The use of FPGAs for carrying out high speed arithmetic computations has gained recognition in recent years. FPGA architectures including logic blocks having a plurality of look-up-table (LUT) function generators, such as the XC4000.TM. family of devices from XILINX, Inc. (the assignee of the present invention), are particularly suited for such computations. However, many of the important digital signal processing (DSP) algorithms are multiply-intensive, and even FPGAs having a large number of logic blocks and LUTs normally cannot embed the multiplier circuits and the attendant control and support circuits in a single chip. It is therefore incumbent upon the designer to choose efficient DSP algorithms and to realize them with efficient circuit designs. The Fast Fourier Transform (FFT) is an outstanding example of an efficient DSP algorithm. Distributed arithmetic (DA) is a well-established design approach for DSP implementation in FPGAs that replaces gate-consuming array multipliers with more efficient shift and add circuits offering comparable performance.
The FFT is a highly efficient procedure for computing the Discrete Fourier Transform (DFT) of a sampled time series. The DFT, taken from a continuous waveform, is derived from and closely related to the Fourier transform and is particularly useful for digital power spectrum analysis and filtering. The FFT takes advantage of the fact that the coefficients of the DFT can be calculated iteratively, which results in a considerable savings of computation time and a substantial performance advantage over the DFT.
Distributed Arithmetic (DA) was developed as an efficient computation scheme for DSP utilizing FFTs. The DA computation algorithm is now being effectively applied to embed DSP functions in FPGAs, particularly those with coarse-grained look-up table architectures, as described in U.S. Pat. No. 6,021,423. DA enables the replacement of the array multiplier, central to many DSP applications, with a gate-efficient serial/parallel multiplier, with little or no reduction in speed.
U.S. Pat. No. 6,021,423 discloses a space-efficient DA implementation of a DSP circuit implemented in an FPGA using FFTs. In the disclosed circuit, time-invariant systems are implemented using a 16-word, SRAM-based DA look-up table (DALUT). The DALUT contains the pre-computed values of all possible sums of coefficients, weighted by binary values of serial input data. Additional RAM resources are required for the large sine/cosine basis function database. These memory requirements are accommodated using a DALUT containing the pre-computed sums of partial products for combinations of input variables X.sub.rm, X.sub.im, X.sub.rn, X.sub.in and .theta..sub.k, as illustrated in FIG. 1.
The highly space-efficient implementation of a RADIX-2 circuit, illustrated in FIG. 1 and described in U.S. Pat.
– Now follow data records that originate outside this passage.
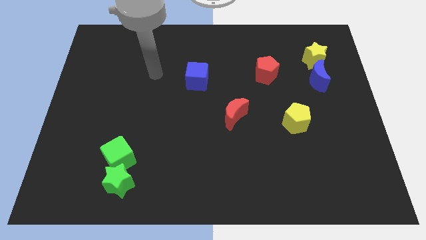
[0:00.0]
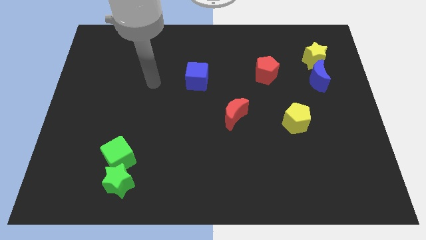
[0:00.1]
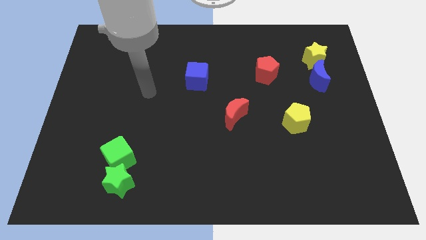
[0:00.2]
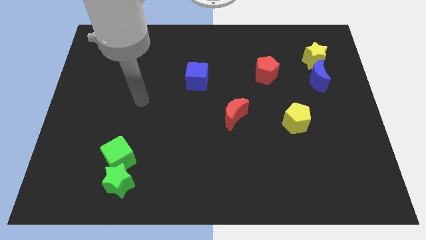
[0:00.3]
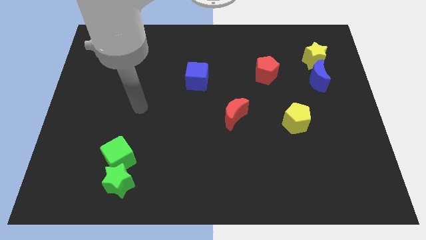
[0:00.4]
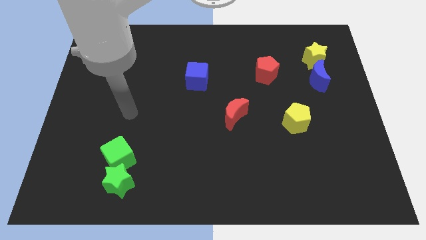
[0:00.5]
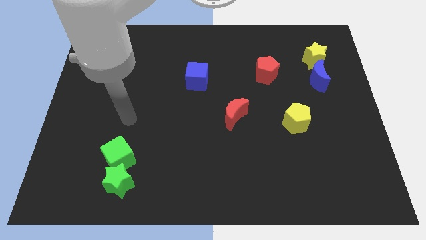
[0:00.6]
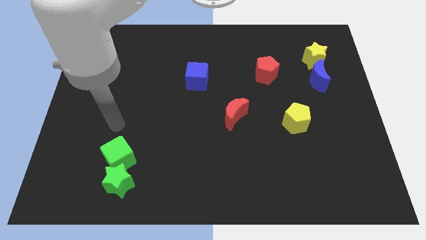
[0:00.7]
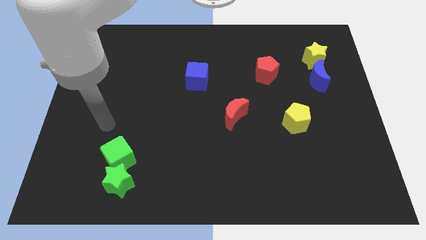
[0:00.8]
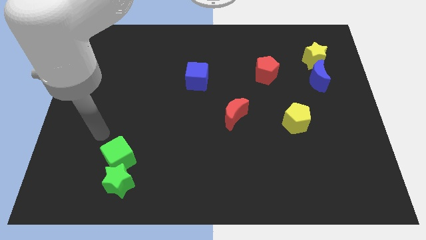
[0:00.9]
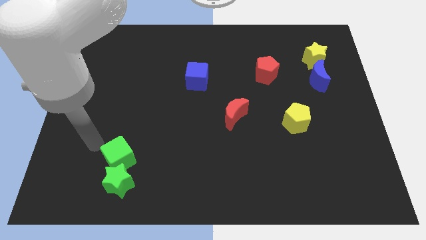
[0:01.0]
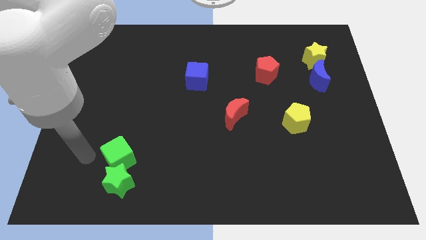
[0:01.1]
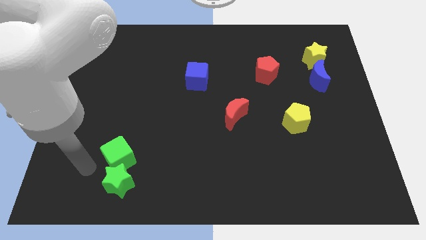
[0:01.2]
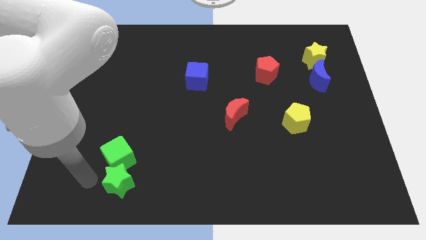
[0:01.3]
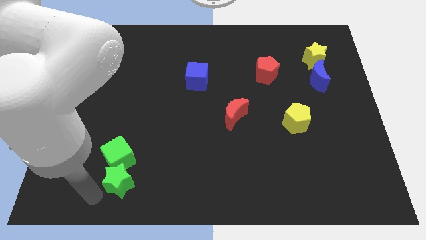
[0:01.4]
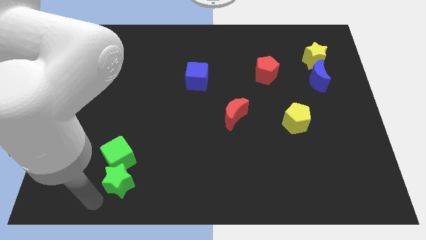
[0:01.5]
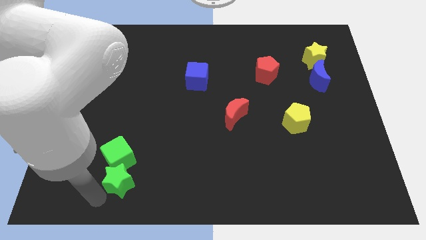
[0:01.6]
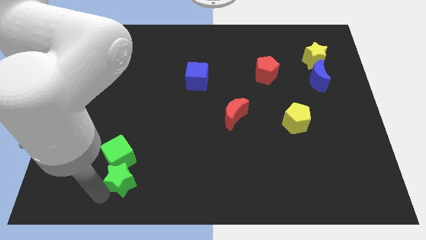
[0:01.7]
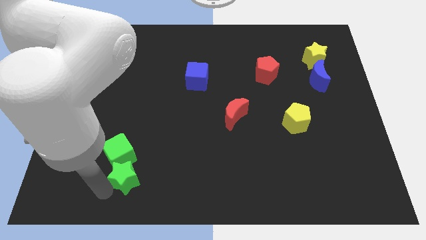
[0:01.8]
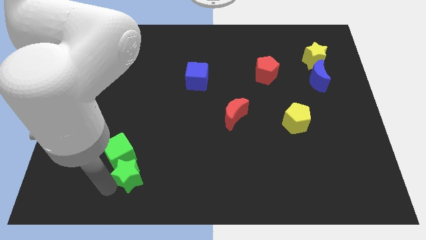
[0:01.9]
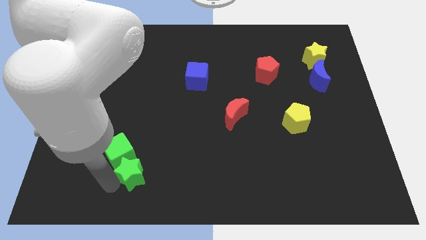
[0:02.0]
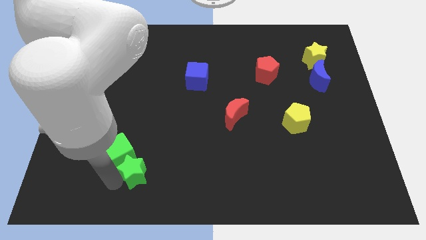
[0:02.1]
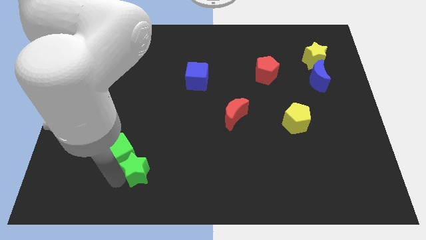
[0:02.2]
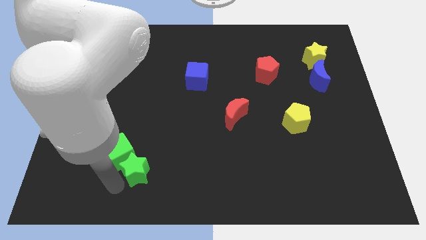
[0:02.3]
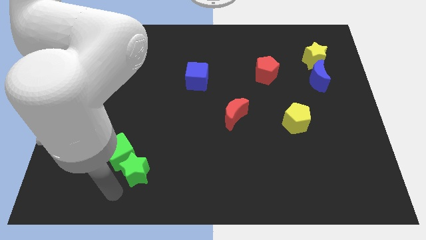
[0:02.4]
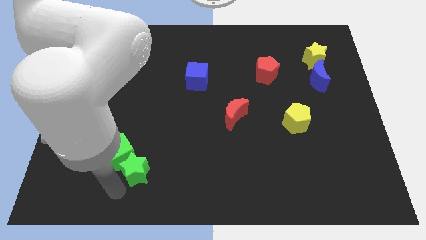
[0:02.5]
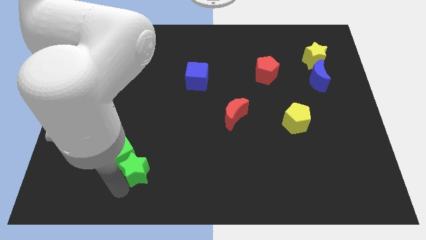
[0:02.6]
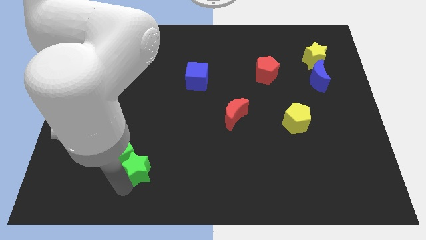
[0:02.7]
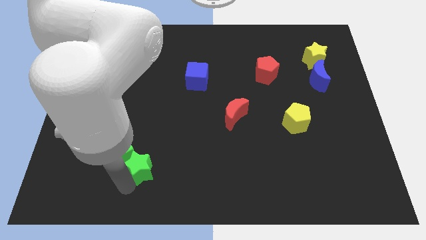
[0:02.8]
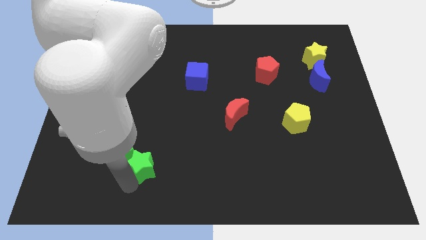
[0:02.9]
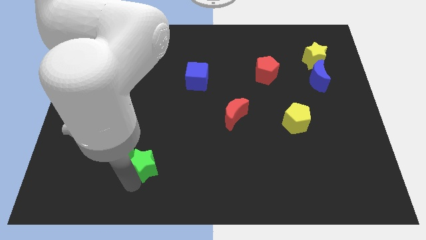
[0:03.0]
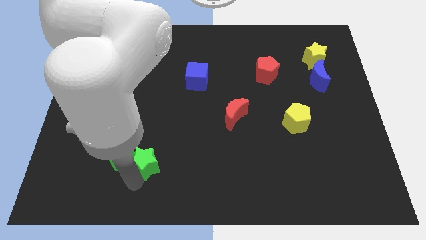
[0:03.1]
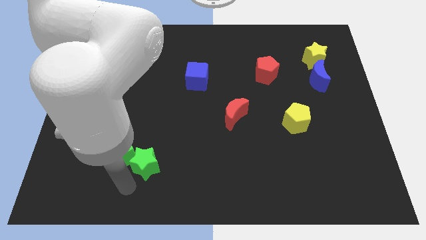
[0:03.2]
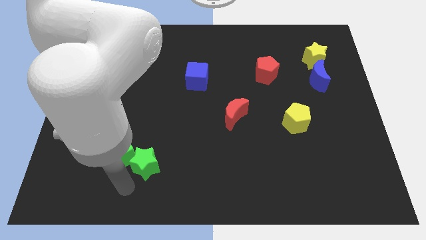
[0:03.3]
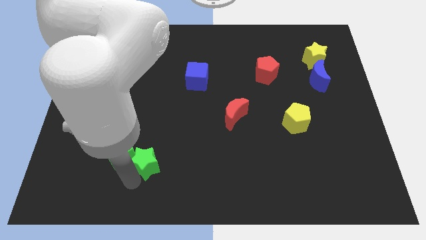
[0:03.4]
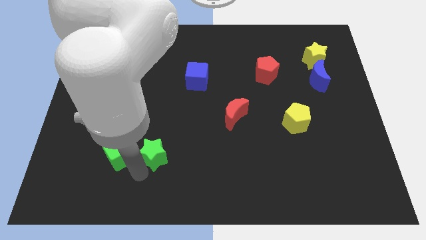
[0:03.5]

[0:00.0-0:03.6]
slide the green star diagonally upwards and right slightly

No. 6,021,423, allows for the implementation of complex FFT circuitry in a single programmable logic device. While the implementation disclosed in the parent case provides a number of significant advantages over the prior art, there remains a need to increase the speed of circuits that benefit from the use of a plurality of RADIX-2 implementations.
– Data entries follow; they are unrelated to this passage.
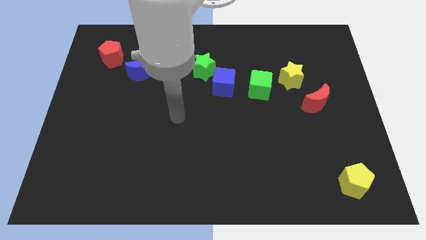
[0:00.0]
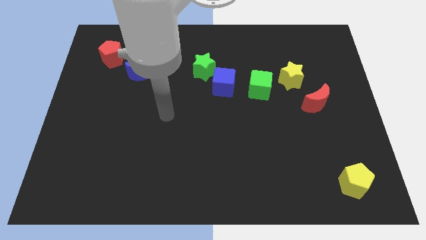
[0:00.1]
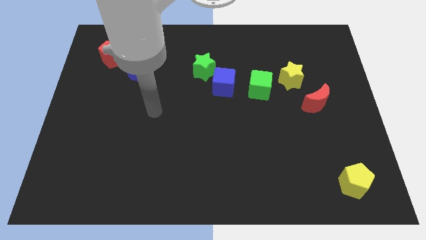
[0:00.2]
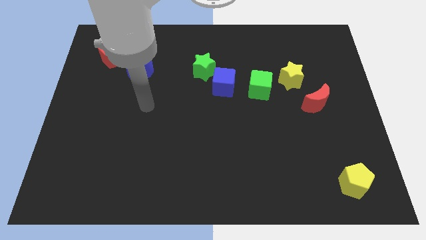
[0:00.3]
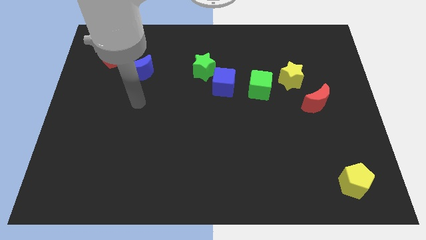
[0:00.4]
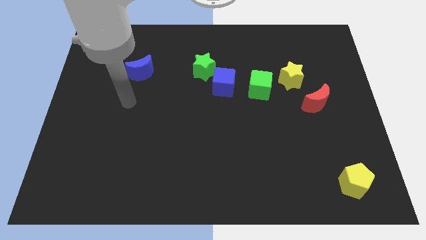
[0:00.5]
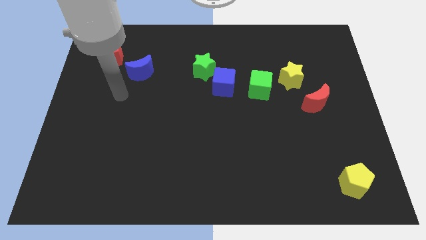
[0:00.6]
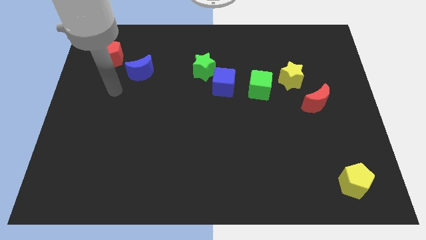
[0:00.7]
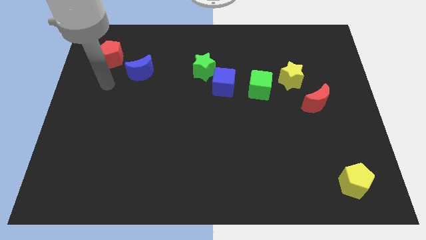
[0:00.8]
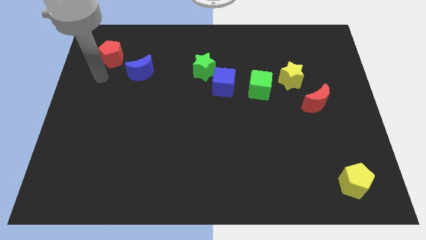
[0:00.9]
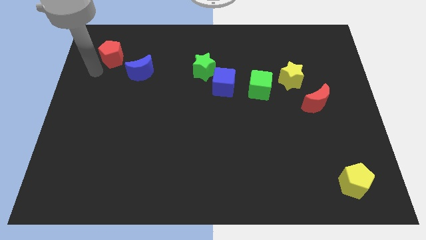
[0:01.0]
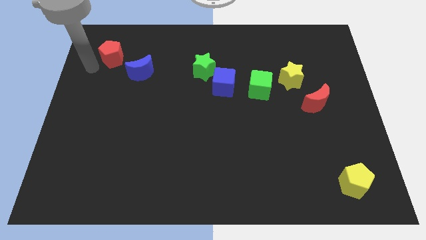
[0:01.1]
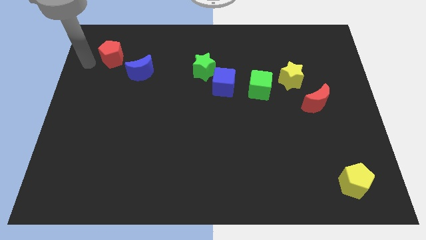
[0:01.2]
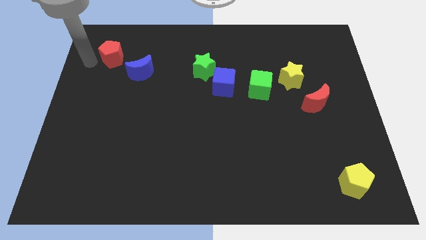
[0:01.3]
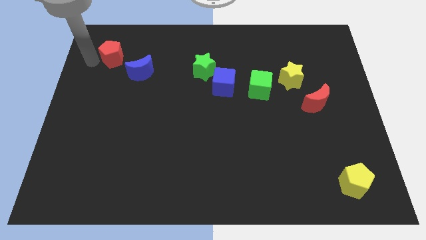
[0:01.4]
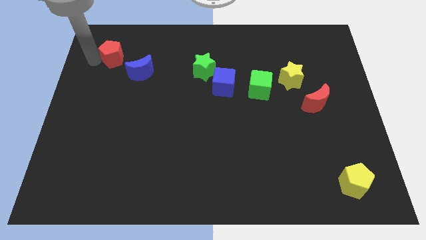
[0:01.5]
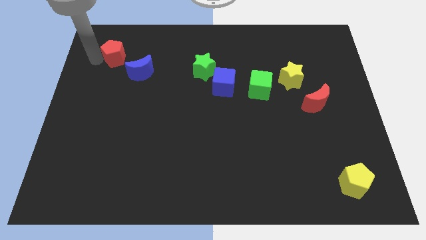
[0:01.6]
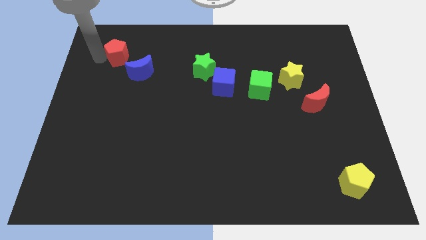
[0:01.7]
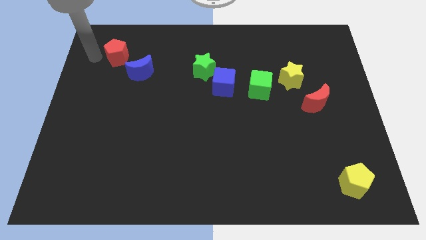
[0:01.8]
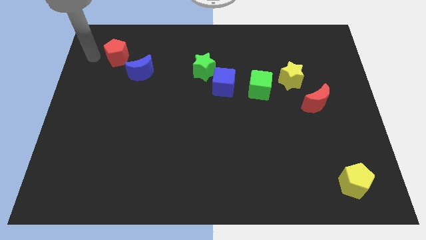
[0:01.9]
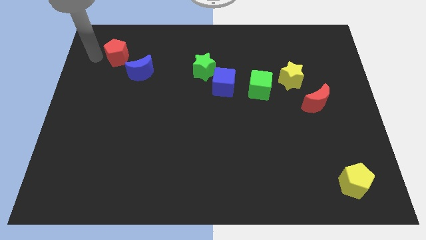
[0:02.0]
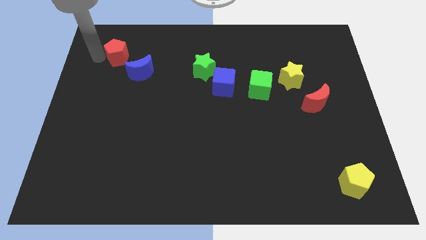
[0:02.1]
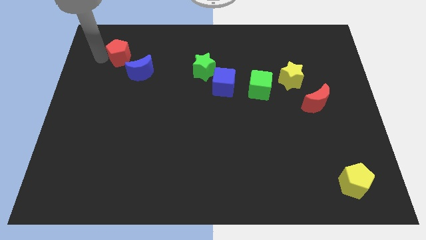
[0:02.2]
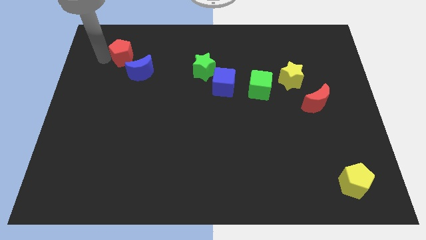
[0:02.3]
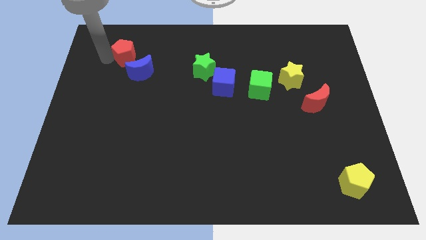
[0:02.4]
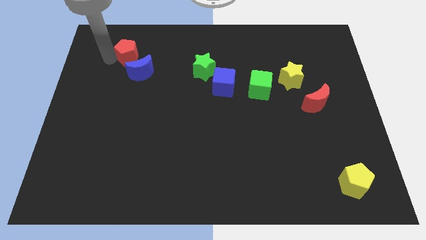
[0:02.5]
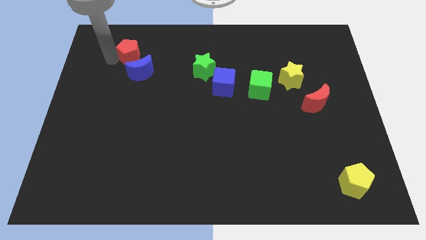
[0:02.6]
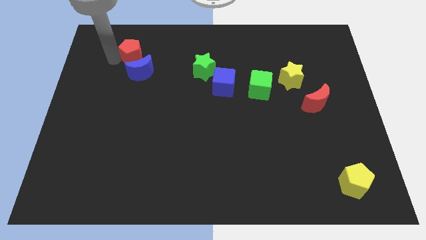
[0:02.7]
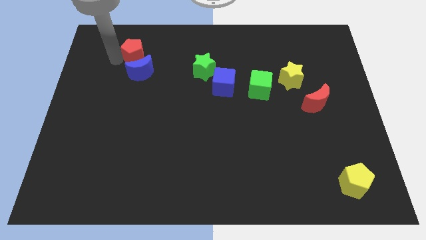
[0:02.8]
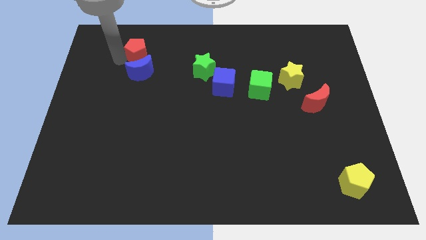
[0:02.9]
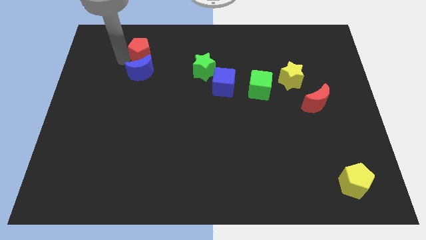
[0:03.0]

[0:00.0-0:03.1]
push the red pentagon a little right

The need for multiple RADIXes is apparent from a time series containing N=2.sup.s samples or "points" (where s is the number of stages), wherein the corresponding FFT entails 2sN=2Nlog.sub.2 N multiply operations. For a complete N=1024 point FFT operation on 1024 time-points, a total of 5120=(N/2*log.sub.2 N=512*10) RADIX-2 operations will be required. If only one RADIX-2 is used, since two cycles are required for each RADIX-2 operation, the total time required will be 10240 (5120*2) cycles.
To reduce the number of cycles required for FFT calculations, it appears one need only increase the number of RADIX-2 elements in the circuit and use them simultaneously in each stage. However, two cycles (assuming dual-port RAM is used) are also needed to read and write variables to and from memory, and RAM read and write operations are required for every FFT function, even if additional RADIXes are used. Thus, where only a single RAM is available, there is little, if any, gain in implementation speed from the use of more than one RADIX-2 in a stage. A bottleneck in the data-rate from and to the RAM will retard the function of the circuit. Thus, using k RADIXes in a particular stage does not necessarily provide for k-times speedup of FFT calculations over a single-RADIX implementation. There is therefore a need in the art to which the present invention pertains to optimize FFT implementation for simultaneous use of a plurality of RADIXes.